About those Read-Only Replicas

In a post, I wrote last month I showed how you can take advantage of your replicas in SQL Sever by adding a single attribute to your connection string in .Net. Turns out you need to be aware of a caveat that I found yesterday while tracking down an odd bug.

The application in question manages lists of books. The workflow is as follows:

  1. Select 1 or more ISBNs from the list of books we publish (over 1m)

  2. Assign this collection a name and a catalog (collection of lists)

  3. Save the collection

  4. Go back to the main menu with the names and metadata of all your catalogs

The issue happens between 3 and 4. This system keeps metadata about each list and metadata about the folder (number of total lists, number of total items, last modification). It needs to make a series of calls. It can't just save the list and return you to the main screen without first making a call to the system to populate that screen with the latest information (which includes audit information). This means a call to SaveList and a call to GetCatalogs. Developers noted that 70% of the time the main menu was missing the newly saved list, but if they did a refresh it appeared. We could not reproduce this by hand (though Postman).

We are running the database on an Azure Hyperscale with RCSI (Read Committed Snapshot Isolation), so the first thought was there are independent threads making the calls and the GetCatalogs is returning the previously committed set. However, the development team confirmed that it was a single chain of events through a single thread with an average time between calls of 300ms.

All calls in this application are controlled via stored procedures, so we can guarantee the order of operations and within the SaveList procedure is a commit before the result set is returned guaranteeing the data is in the database before the thread gets the go-ahead to move to the next call.
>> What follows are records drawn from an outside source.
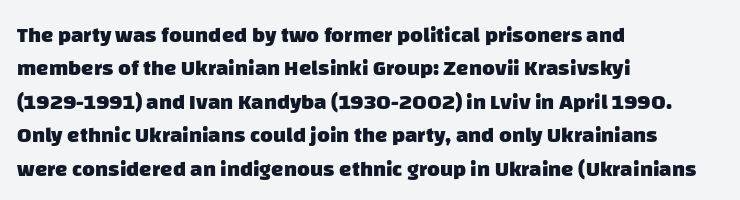
Q: Is the text bold? A: Yes.
Q: Is the text underlined? A: No.
Q: How is the paragraph aligned? A: Left-aligned.
Q: Is the spacing between letters normal or unusually wide? A: Normal.
Q: Is the spacing between lines tight, normal or loose? A: Normal.
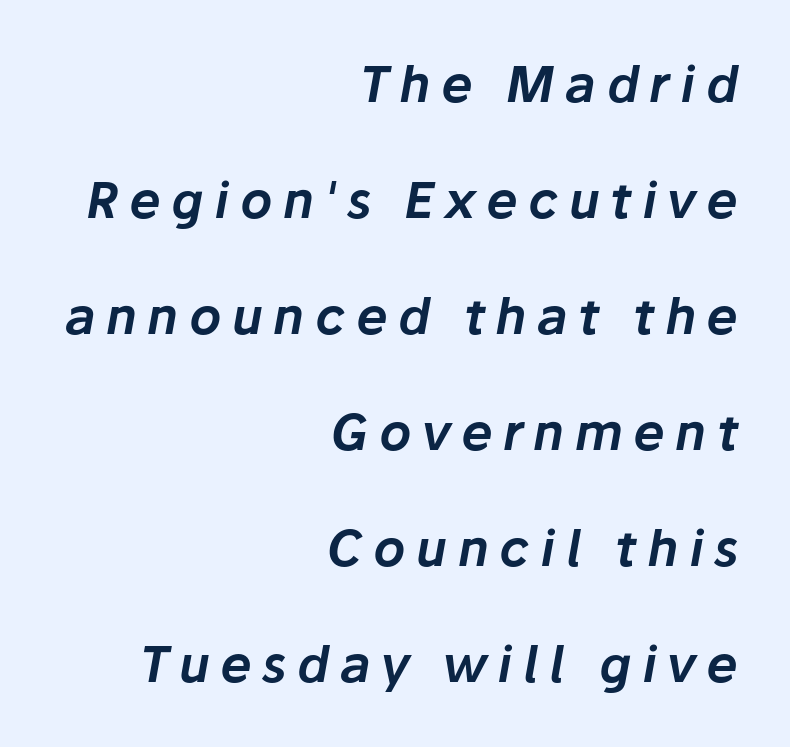
The image shows 50 px text type, italic (leaning right); set right-aligned, loose line spacing (2.32x), unusually wide letter spacing (+0.21 em), not underlined; low stroke contrast and a medium x-height.

At this point I realized it was the replica.

300ms is not enough time for the data to be moved to the replica, so I simply removed the ApplicationIntent=ReadOnly and the bug disappeared.
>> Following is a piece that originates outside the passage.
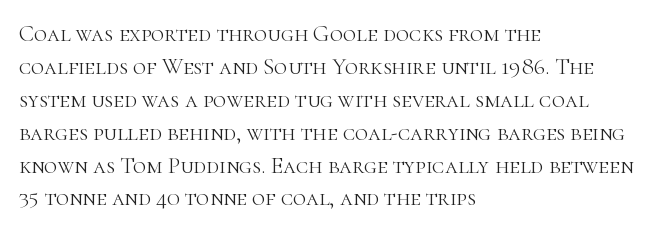
Honestly, the row spacing looks completely unremarkable. Caption: face not bold, strokes unweighted. Posture: vertical. This rendering features lettering with no underline. The setting favours the left margin, as ordinary paragraphs usually do.

A word of caution when designing an application. The flow of the application is important to understand while making architectural decisions. In this specific example, the need to pull back the data vs having the application carry it means the timing of when the data is where (primary vs replica) is very important. If the application did a few other things and the avg time between the save and when it made the call to GetCatalog was say 750ms or 1s, the replica might have been just fine.